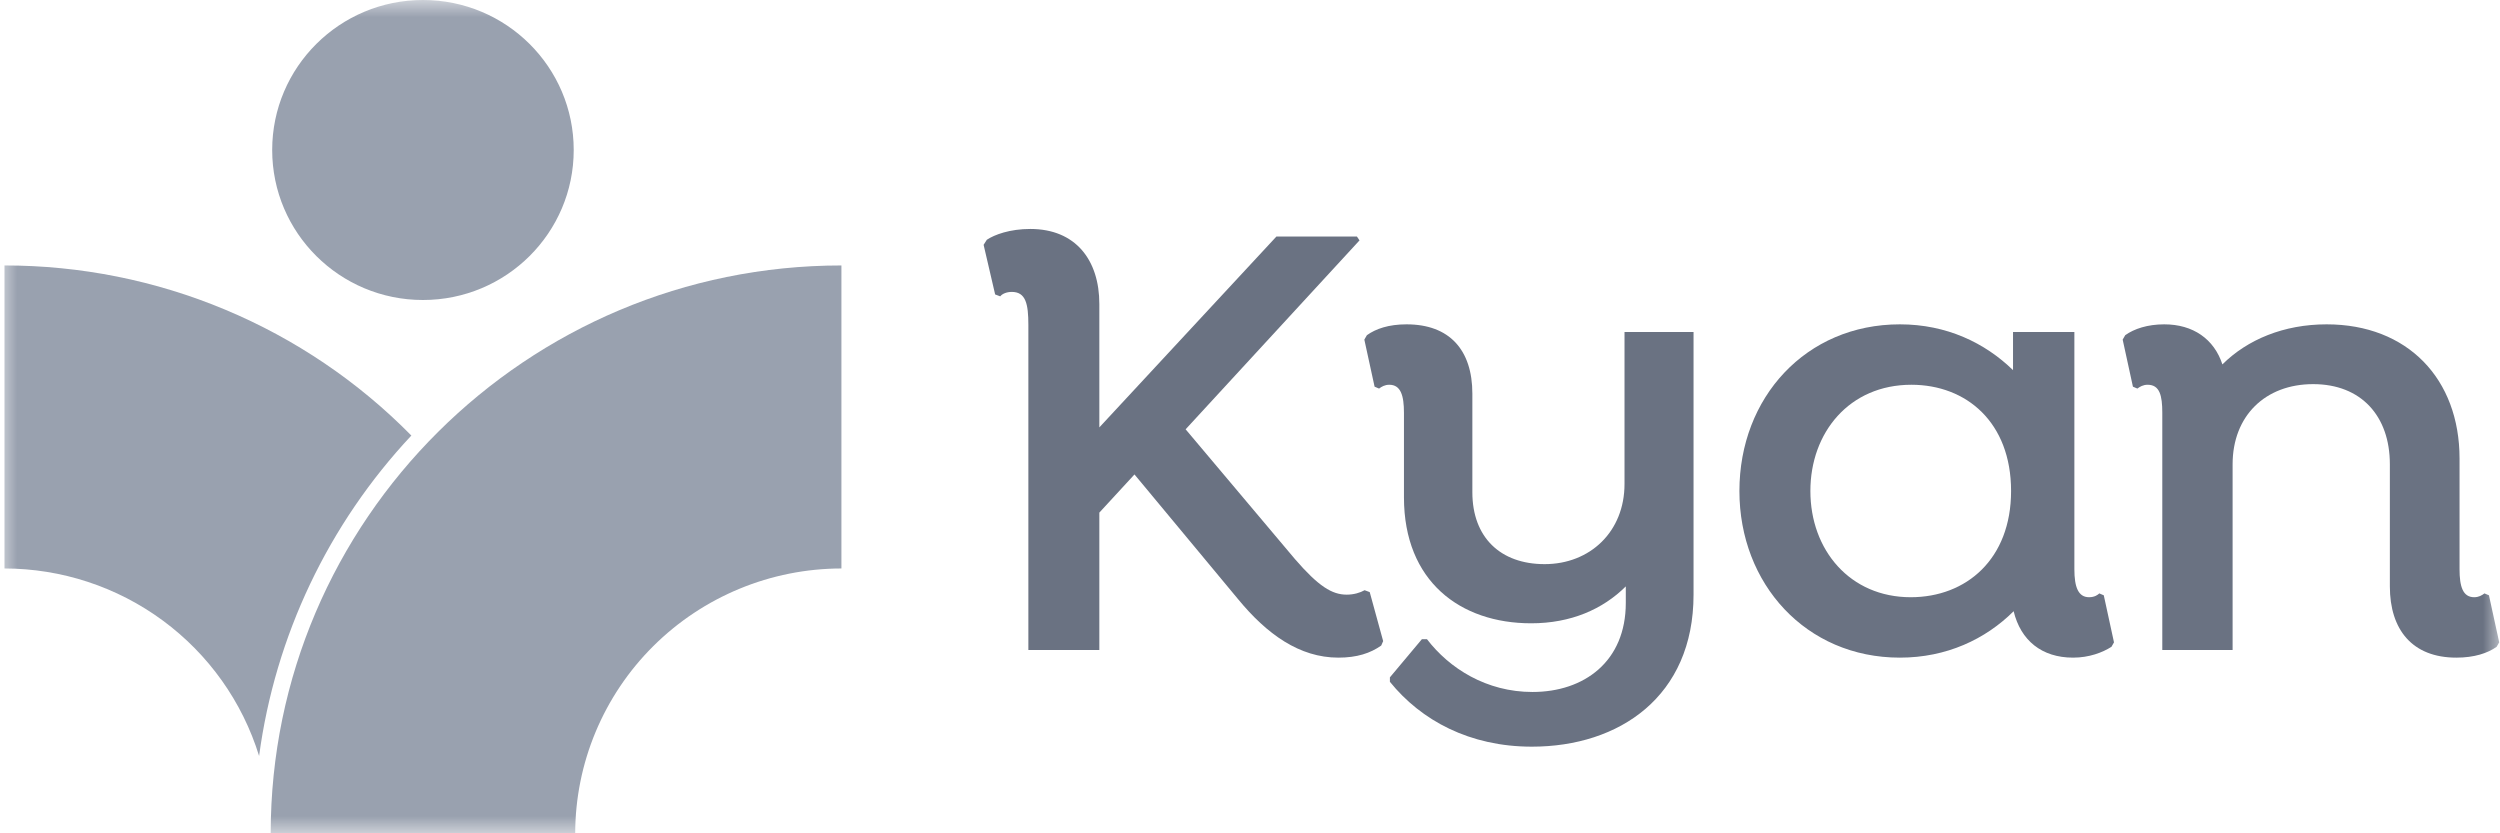 <svg width="72" height="24" viewBox="0 0 72 24" fill="none" xmlns="http://www.w3.org/2000/svg">
<g clip-path="url(#clip0_121_4195)">
<mask id="mask0_121_4195" style="mask-type:luminance" maskUnits="userSpaceOnUse" x="0" y="0" width="72" height="24">
<path d="M72 0H0V24H72V0Z" fill="white"/>
</mask>
<g mask="url(#mask0_121_4195)">
<path d="M16.523 4.32C16.523 6.706 14.579 8.64 12.181 8.64C9.783 8.64 7.839 6.706 7.839 4.32C7.839 1.934 9.783 0 12.181 0C14.579 0 16.523 1.934 16.523 4.32Z" fill="#99A1AF"/>
<path d="M11.847 12.544C10.32 10.992 8.497 9.759 6.485 8.918C4.473 8.076 2.312 7.644 0.129 7.645V16.372C1.771 16.374 3.369 16.899 4.688 17.871C6.008 18.843 6.98 20.21 7.462 21.772C7.925 18.317 9.458 15.092 11.847 12.544Z" fill="#99A1AF"/>
<path d="M24.233 7.645V16.372C22.2 16.374 20.252 17.179 18.814 18.609C17.377 20.039 16.569 21.978 16.566 24H7.796C7.796 14.982 15.169 7.645 24.233 7.645Z" fill="#99A1AF"/>
<path d="M71.682 17.145L71.977 18.5L71.903 18.628C71.645 18.812 71.258 18.94 70.743 18.94C69.473 18.94 68.828 18.134 68.828 16.888V13.371C68.828 11.979 68 11.063 66.619 11.063C65.238 11.063 64.299 11.979 64.299 13.371V18.72H62.274V11.887C62.274 11.393 62.201 11.081 61.851 11.081C61.722 11.081 61.63 11.136 61.556 11.191L61.428 11.136L61.133 9.781L61.207 9.653C61.464 9.469 61.851 9.341 62.33 9.341C63.158 9.341 63.766 9.762 64.005 10.495C64.723 9.781 65.772 9.341 67.006 9.341C69.344 9.341 70.835 10.916 70.835 13.206V16.394C70.835 16.888 70.927 17.2 71.258 17.2C71.387 17.2 71.48 17.145 71.553 17.09L71.682 17.145Z" fill="#6A7282"/>
<path d="M60.589 17.145L60.883 18.5L60.81 18.628C60.552 18.793 60.166 18.94 59.705 18.94C58.803 18.94 58.196 18.445 57.993 17.603C57.183 18.409 56.06 18.94 54.716 18.94C52.01 18.94 50.095 16.815 50.095 14.141C50.095 11.448 52.01 9.341 54.716 9.341C56.06 9.341 57.165 9.872 57.975 10.66V9.561H59.742V16.394C59.742 16.907 59.853 17.2 60.166 17.2C60.331 17.2 60.423 17.126 60.46 17.09L60.589 17.145ZM55.029 17.2C56.631 17.2 57.919 16.101 57.919 14.141C57.919 12.162 56.631 11.081 55.047 11.081C53.262 11.081 52.139 12.455 52.139 14.141C52.139 15.844 53.28 17.2 55.029 17.2Z" fill="#6A7282"/>
<path d="M46.786 9.561H48.774V17.126C48.774 20.057 46.639 21.504 44.117 21.504C42.331 21.504 40.932 20.753 40.029 19.636V19.508L40.95 18.409H41.097C41.742 19.251 42.809 19.929 44.135 19.929C45.626 19.929 46.823 19.05 46.823 17.364V16.888C46.16 17.548 45.239 17.951 44.098 17.951C42.054 17.951 40.434 16.742 40.434 14.324V11.887C40.434 11.393 40.343 11.081 40.011 11.081C39.882 11.081 39.79 11.136 39.717 11.191L39.588 11.136L39.293 9.781L39.367 9.653C39.624 9.469 39.993 9.341 40.508 9.341C41.742 9.341 42.404 10.074 42.404 11.338V14.177C42.404 15.478 43.214 16.247 44.485 16.247C45.792 16.247 46.786 15.313 46.786 13.939V9.561Z" fill="#6A7282"/>
<path d="M39.448 17.053L39.835 18.464L39.779 18.592C39.467 18.812 39.08 18.94 38.546 18.94C37.423 18.94 36.484 18.262 35.656 17.255L32.673 13.664L31.661 14.763V18.72H29.617V9.36C29.617 8.755 29.544 8.407 29.139 8.407C28.991 8.407 28.862 8.462 28.807 8.535L28.66 8.48L28.328 7.051L28.421 6.905C28.642 6.758 29.083 6.594 29.672 6.594C30.98 6.594 31.661 7.491 31.661 8.755V12.309L36.76 6.813H39.08L39.154 6.923L34.146 12.364L37.294 16.101C37.975 16.888 38.362 17.126 38.785 17.126C38.988 17.126 39.172 17.071 39.301 16.998L39.448 17.053Z" fill="#6A7282"/>
</g>
</g>
<defs>
<clipPath id="clip0_121_4195">
<rect width="72" height="24" fill="white"/>
</clipPath>
</defs>
</svg>

■ ■ ■ ■ ■

Exercise: Looking at the entries above, copy out every line in which "mask" occurs.

Expected output:
<mask id="mask0_121_4195" style="mask-type:luminance" maskUnits="userSpaceOnUse" x="0" y="0" width="72" height="24">
</mask>
<g mask="url(#mask0_121_4195)">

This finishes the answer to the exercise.